Reproduce all the entries exactly and keep the pictures out.

The records
****************

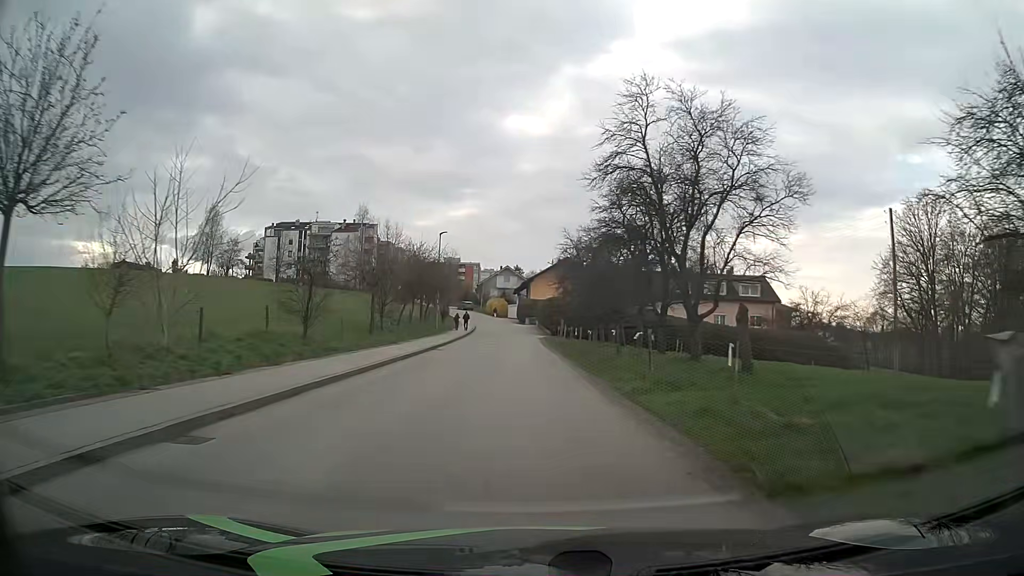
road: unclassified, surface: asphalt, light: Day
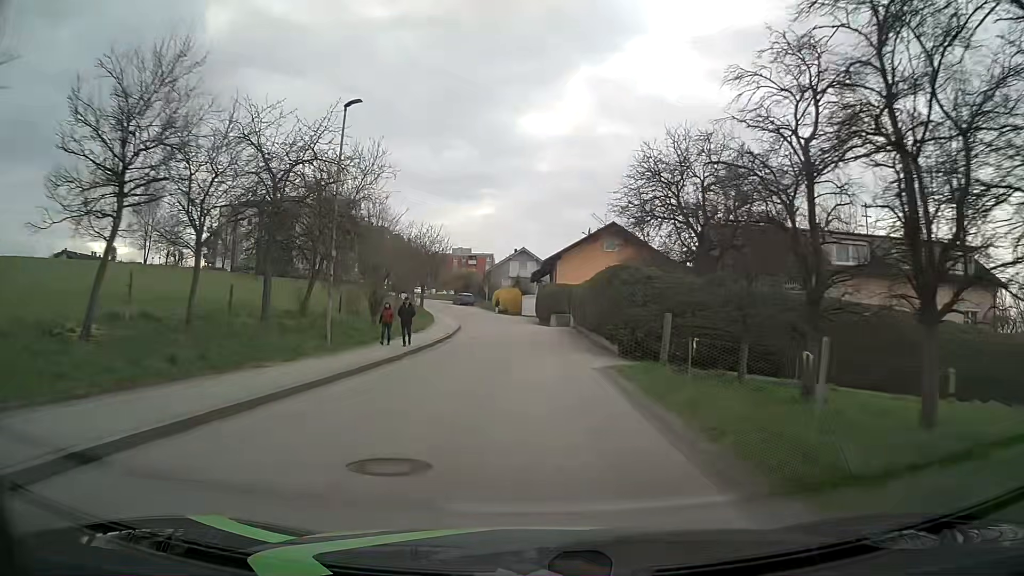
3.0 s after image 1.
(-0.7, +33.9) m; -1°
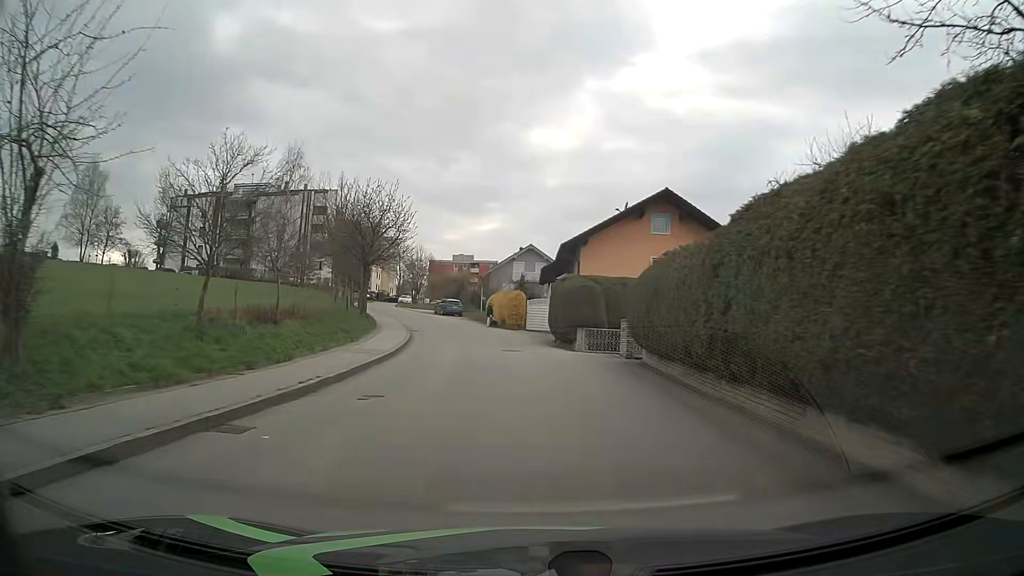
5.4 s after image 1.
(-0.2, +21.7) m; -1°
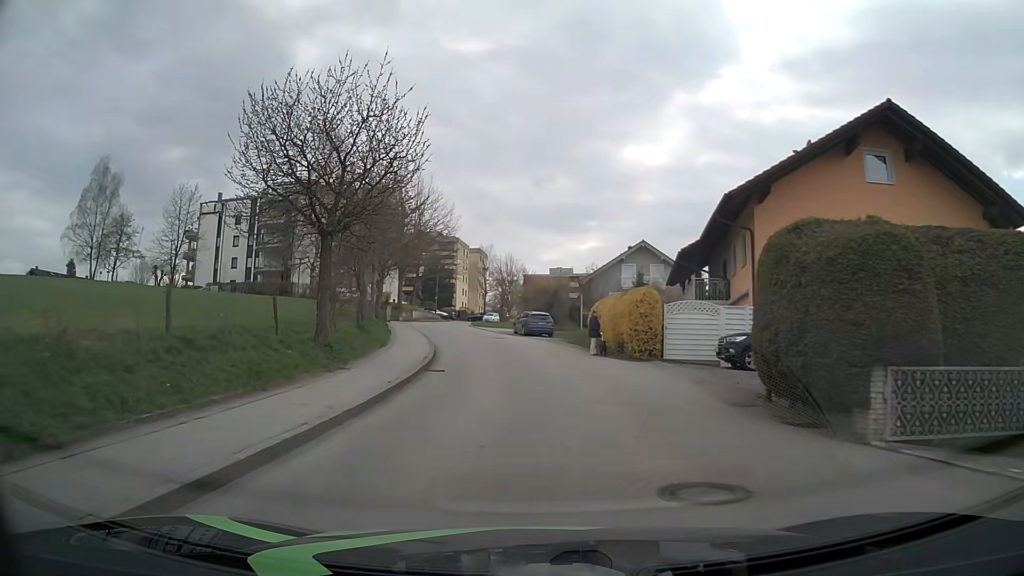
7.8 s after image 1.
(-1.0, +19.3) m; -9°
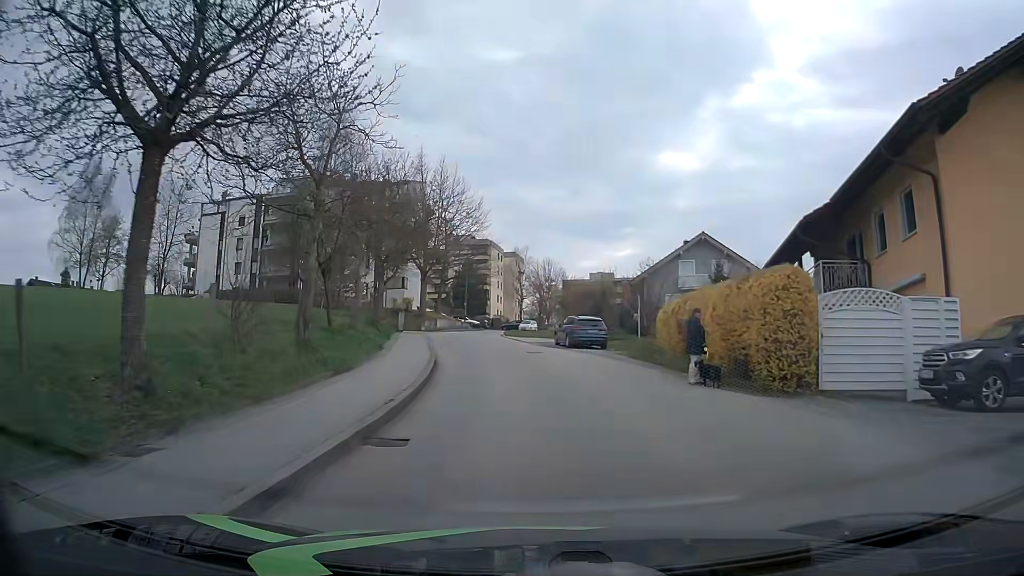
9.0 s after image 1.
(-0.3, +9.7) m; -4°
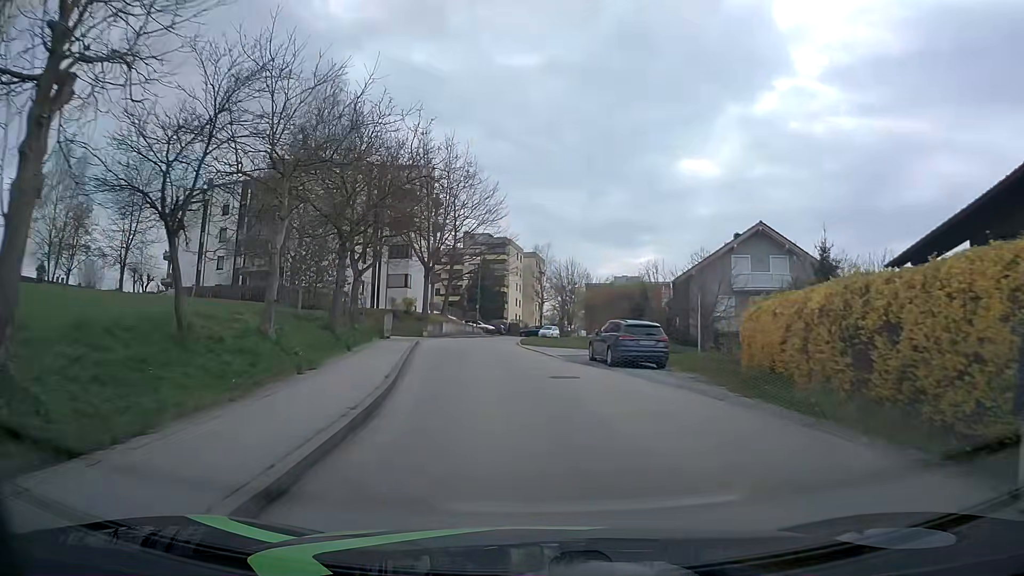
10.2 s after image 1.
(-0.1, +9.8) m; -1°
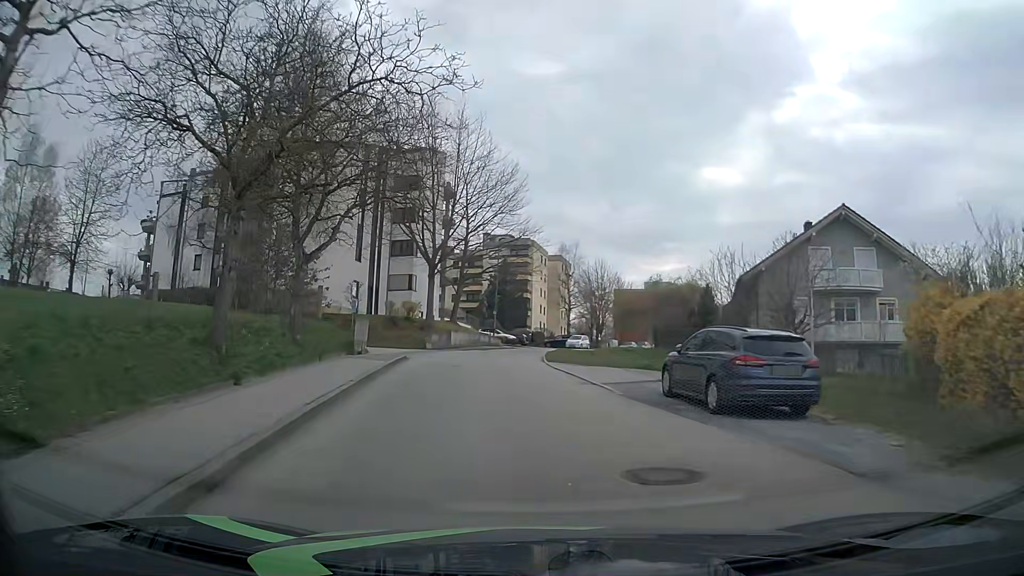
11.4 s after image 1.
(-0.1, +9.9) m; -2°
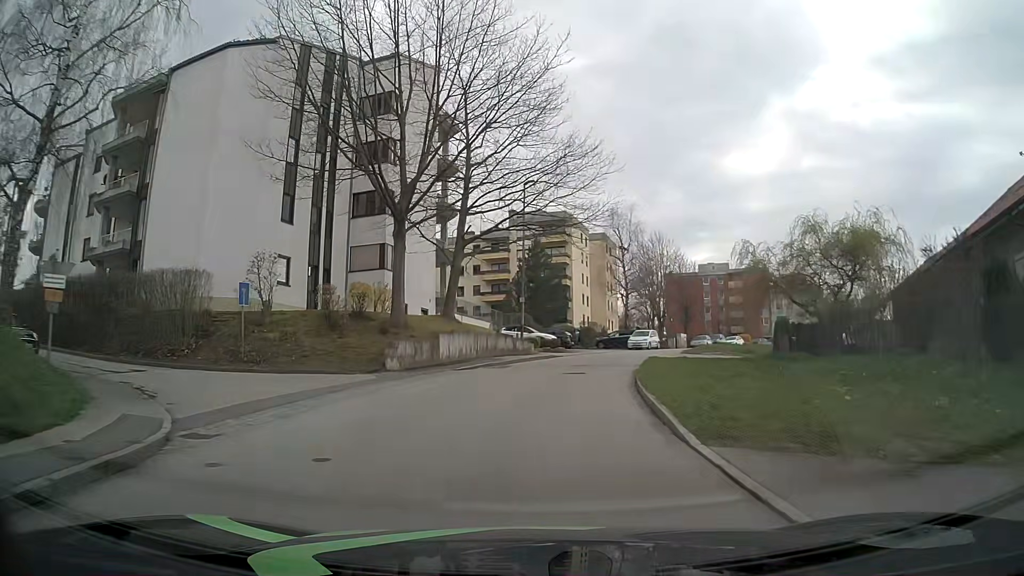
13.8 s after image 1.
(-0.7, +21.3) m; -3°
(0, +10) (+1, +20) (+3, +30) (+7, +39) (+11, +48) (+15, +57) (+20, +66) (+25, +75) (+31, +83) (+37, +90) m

****************

Output of the exercise
road: unclassified, surface: asphalt, light: Day
3.0 s after image 1.
(-0.7, +33.9) m; -1°
5.4 s after image 1.
(-0.2, +21.7) m; -1°
7.8 s after image 1.
(-1.0, +19.3) m; -9°
9.0 s after image 1.
(-0.3, +9.7) m; -4°
10.2 s after image 1.
(-0.1, +9.8) m; -1°
11.4 s after image 1.
(-0.1, +9.9) m; -2°
13.8 s after image 1.
(-0.7, +21.3) m; -3°
(0, +10) (+1, +20) (+3, +30) (+7, +39) (+11, +48) (+15, +57) (+20, +66) (+25, +75) (+31, +83) (+37, +90) m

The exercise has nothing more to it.